= Mingrelian affair =

Criminal cases fabricated in 1951–52 to accuse members of the Georgian SSR

The Mingrelian affair, or Mingrelian case (Мингрельское дело, mingrel’skoe delo; მეგრელთა საქმე, megrelt’a sak’me), was a series of criminal cases fabricated in 1951 and 1952 in order to accuse several members of the Georgian SSR Communist Party of Mingrelian extraction of secession and collaboration with the Western powers.

==Events==
Initiated on the personal orders of the Soviet leader Joseph Stalin, the affair apparently aimed at eliminating the influence of Lavrentiy Beria, of whom Stalin was growing increasingly suspicious. The fabricated accusations of forming the "Mingrelian nationalist ring", separatism, collaboration with the "Western imperialists", and the Georgian émigré centre in Paris, were followed by a purge, which delivered a hard blow to the Georgian party organization, and specifically targeted its Mingrelian (a subethnic group of the Georgians) members, mostly Beria's protégés. Many leading officials were removed from their posts and arrested; thousands of innocent people were subjected to repressions. Kandid Charkviani, who at the time occupied the position of the first secretary of the Georgian SSR, also suffered during the Mingrelian Affair. For years historians erroneously thought that Kandid Charkviani was Mingrelian and that he was punished because of his links with Beria. However, the newly opened archives in Georgia provide evidence that Charkviani, who was Lechkhumian (from the Lechkhumi region of Georgia) and not Mingrelian or Svan, was accused because he allegedly failed to “detect and repress the criminal nationalist ring of counter revolutionaries within the ranks of the Georgian Communist Party”. Moreover, it has emerged that Charkviani's relations with Beria had always been strained and that Beria tolerated Charkviani only because the latter was supported by Stalin. Immediately following Stalin's death, all Beria's clients who suffered during the Mingrelian Affair were restored. Yet Charkviani, on Beria's orders, was separated from his family and moved to Soviet Central Asia into exile.

Many aspects of the Mingrelian affair are still not completely understood. Beyond Stalin's growing distrust of his lieutenant Beria, who had particularly consolidated his positions after World War II, the affair also reflected a bitter power struggle among rival clans in the Communist élite of Georgia. It might also have echoed similar accusations of Georgian nationalism leveled against the "National Communists" in the 1922 Georgian affair.

As a result of the events, Beria's power was reduced significantly in Georgia, but he still managed to retain his position in the Politburo. After Stalin's death in 1953, Beria managed to temporarily reinstate his clients in Georgia.
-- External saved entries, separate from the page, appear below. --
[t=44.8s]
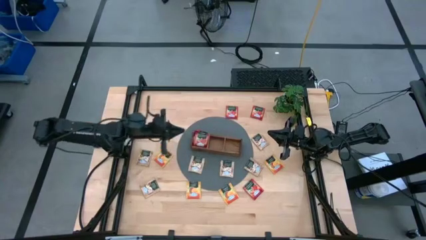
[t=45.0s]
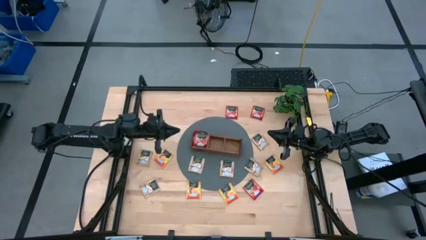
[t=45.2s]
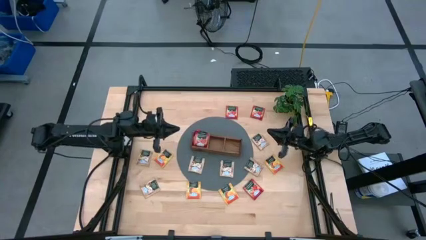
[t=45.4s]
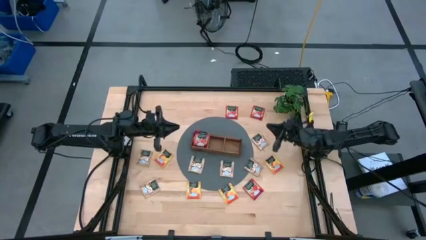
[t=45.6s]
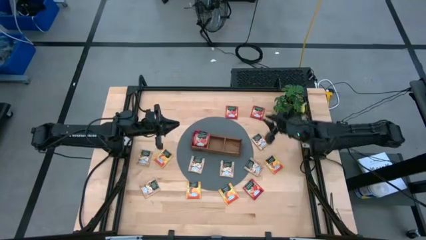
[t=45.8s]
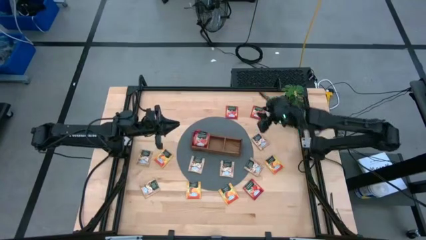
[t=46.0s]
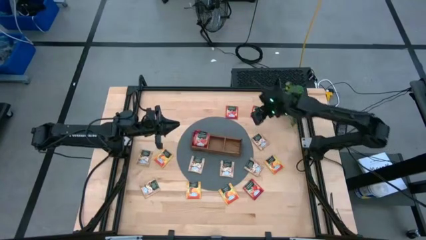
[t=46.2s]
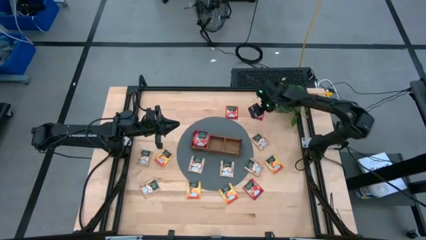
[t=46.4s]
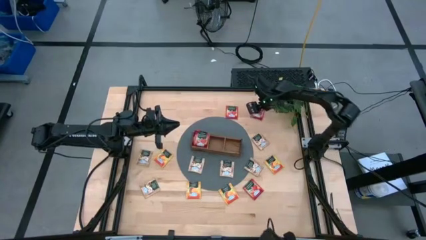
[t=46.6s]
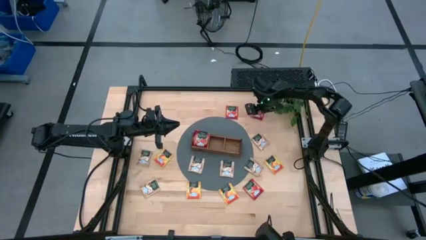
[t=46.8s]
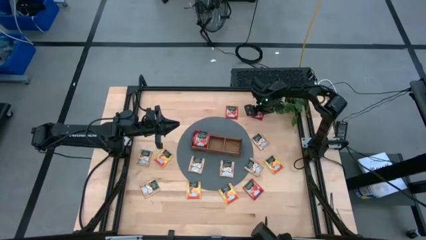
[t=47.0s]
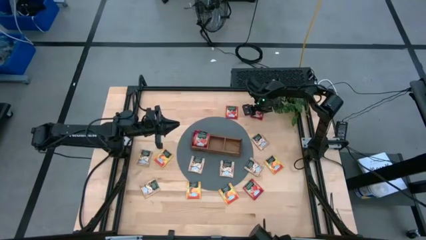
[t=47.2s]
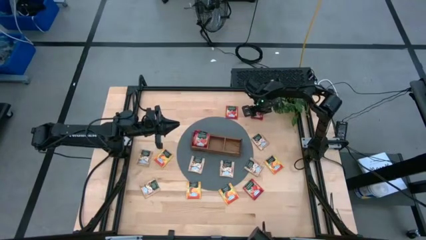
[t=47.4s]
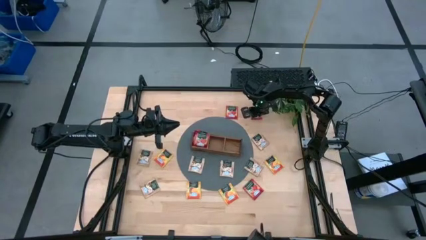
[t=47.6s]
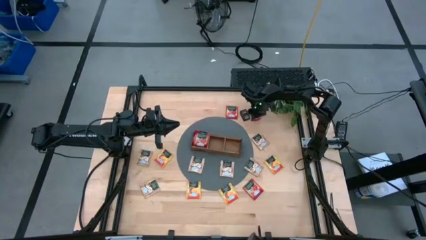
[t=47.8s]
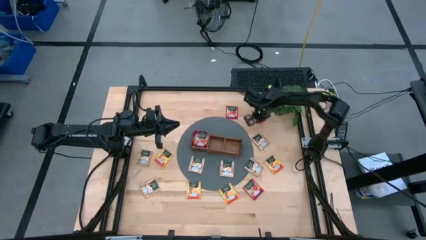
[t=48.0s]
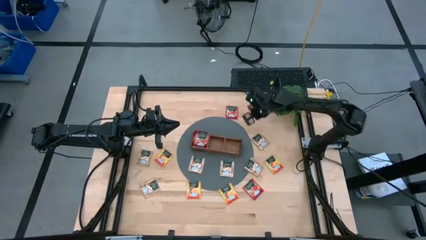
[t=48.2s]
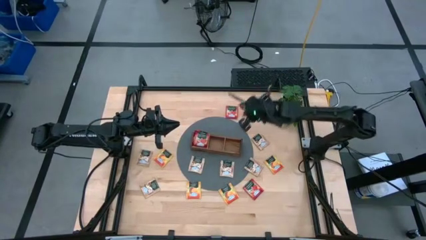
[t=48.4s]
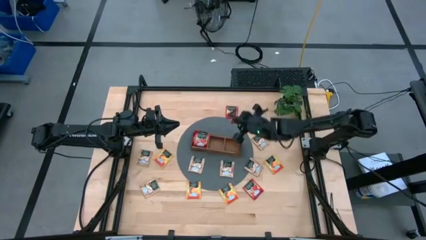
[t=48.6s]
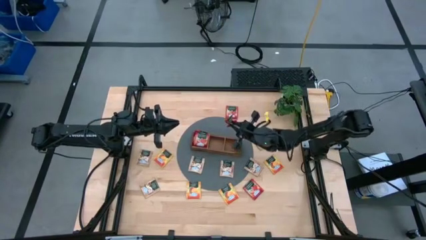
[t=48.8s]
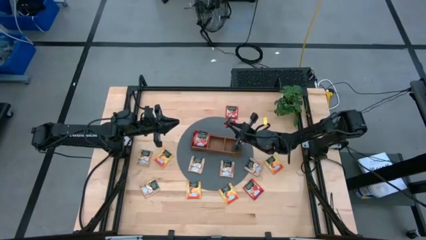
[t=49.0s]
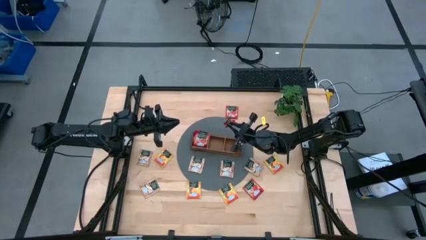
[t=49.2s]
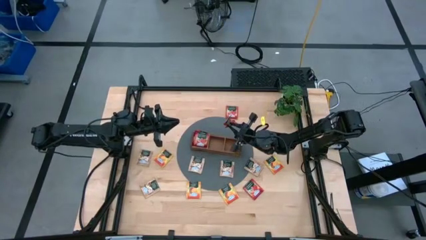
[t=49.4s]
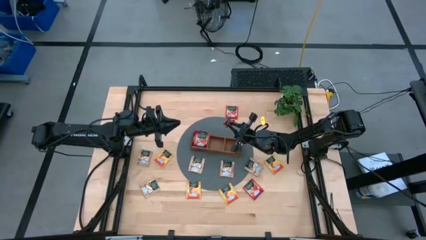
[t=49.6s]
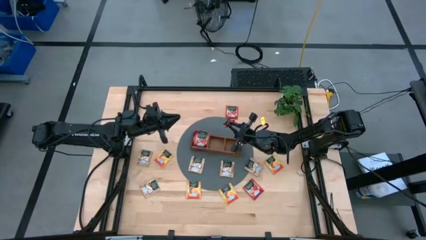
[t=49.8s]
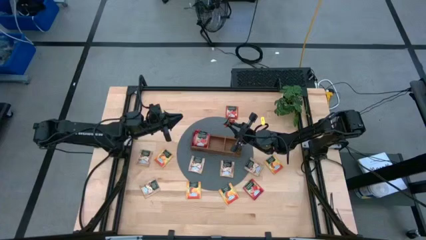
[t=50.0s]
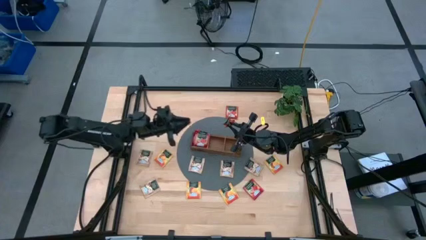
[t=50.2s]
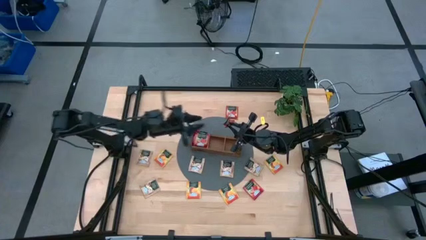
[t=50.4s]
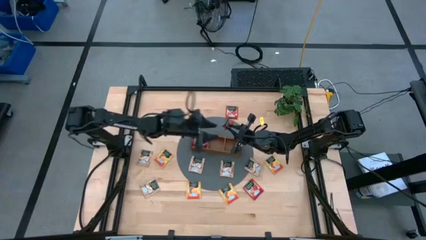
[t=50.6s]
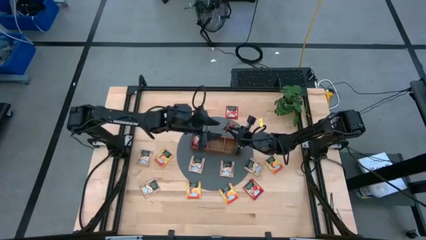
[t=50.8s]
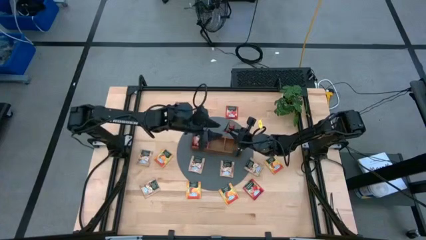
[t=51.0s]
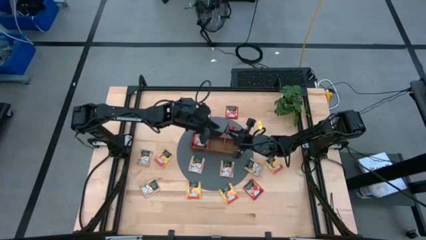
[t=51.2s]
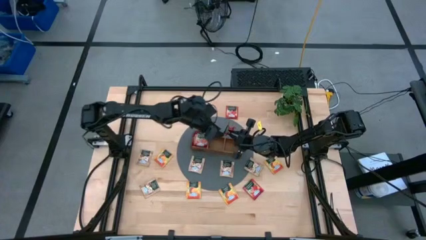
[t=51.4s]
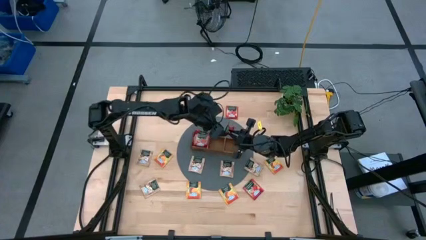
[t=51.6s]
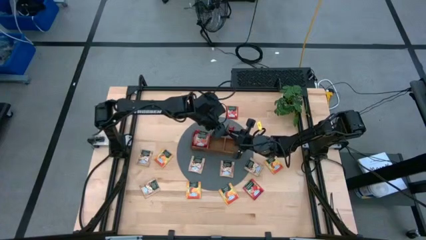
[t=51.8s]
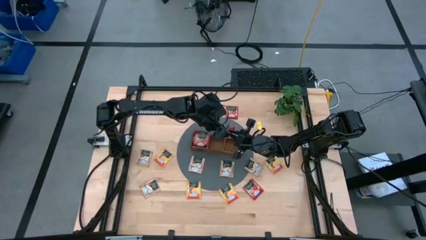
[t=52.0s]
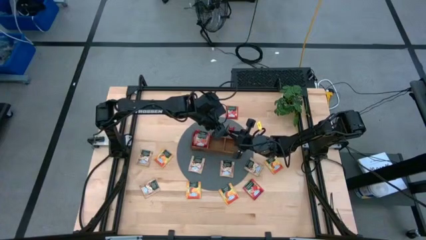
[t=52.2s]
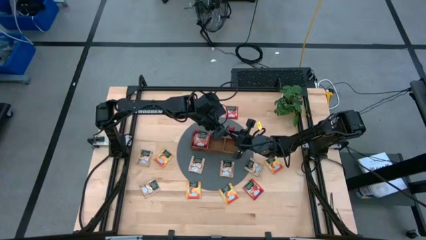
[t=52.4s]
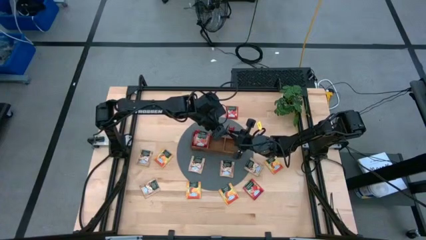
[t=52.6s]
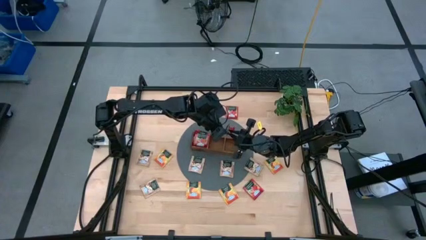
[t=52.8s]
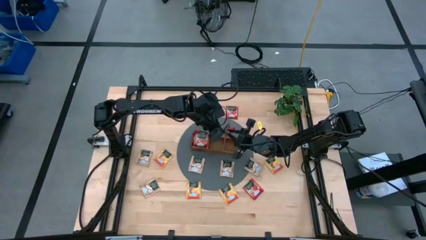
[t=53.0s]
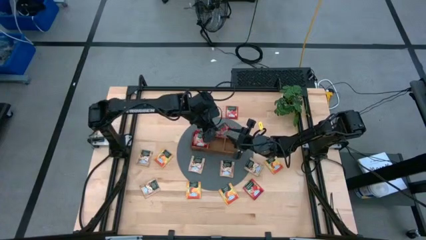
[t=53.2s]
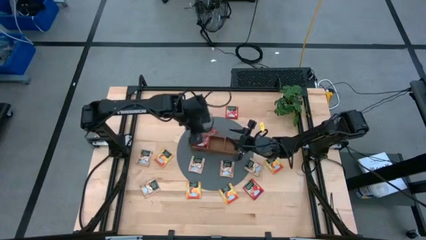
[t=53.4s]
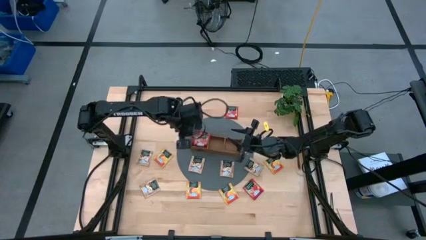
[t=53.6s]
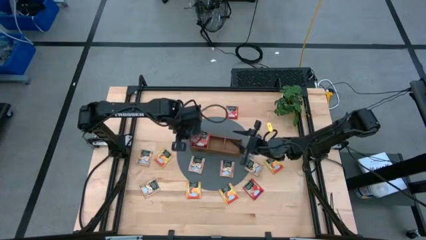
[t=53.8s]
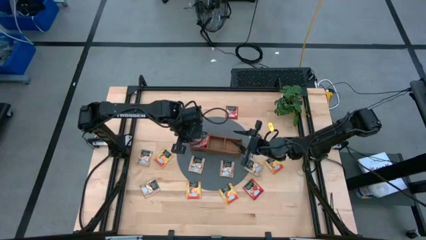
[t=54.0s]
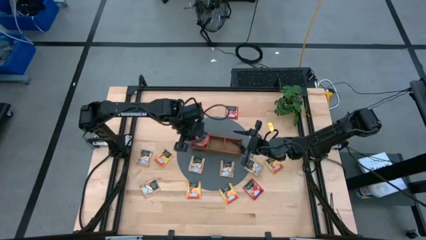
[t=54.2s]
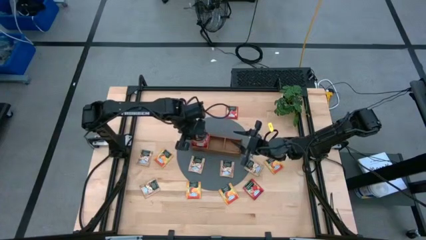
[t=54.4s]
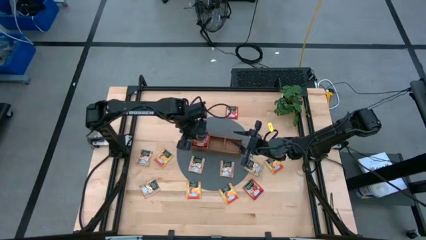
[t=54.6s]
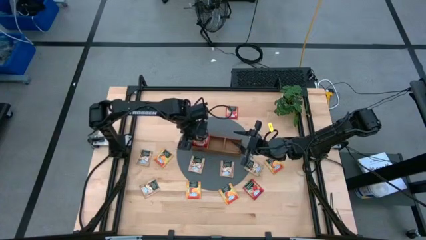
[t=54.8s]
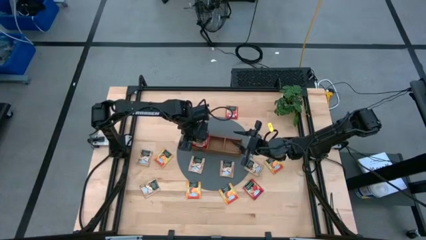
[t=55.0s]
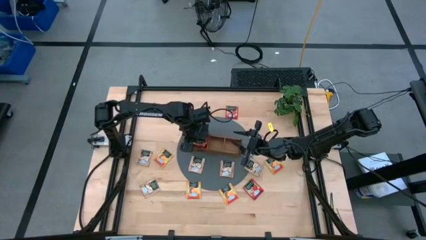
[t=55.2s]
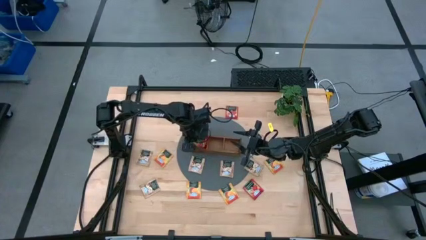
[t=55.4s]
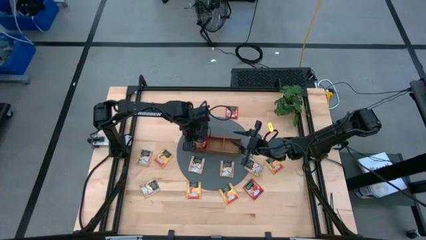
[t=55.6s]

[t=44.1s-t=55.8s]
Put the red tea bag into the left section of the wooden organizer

However, later many of them were prosecuted as the members of "Beria's gang".

In his memoirs Nikita Khrushchev corroborated the thesis of eliminating the influence of Lavrentiy Beria and eventual rehabilitation of its victims.

==Literature==
- Suny, Ronald Grigor (1994), The Making of the Georgian Nation: 2nd edition, pp. 287–289. Indiana University Press, ISBN 0-253-20915-3.
- Lang, David Marshall (1962). A Modern History of Georgia, pp. 260–261. London: Weidenfeld and Nicolson.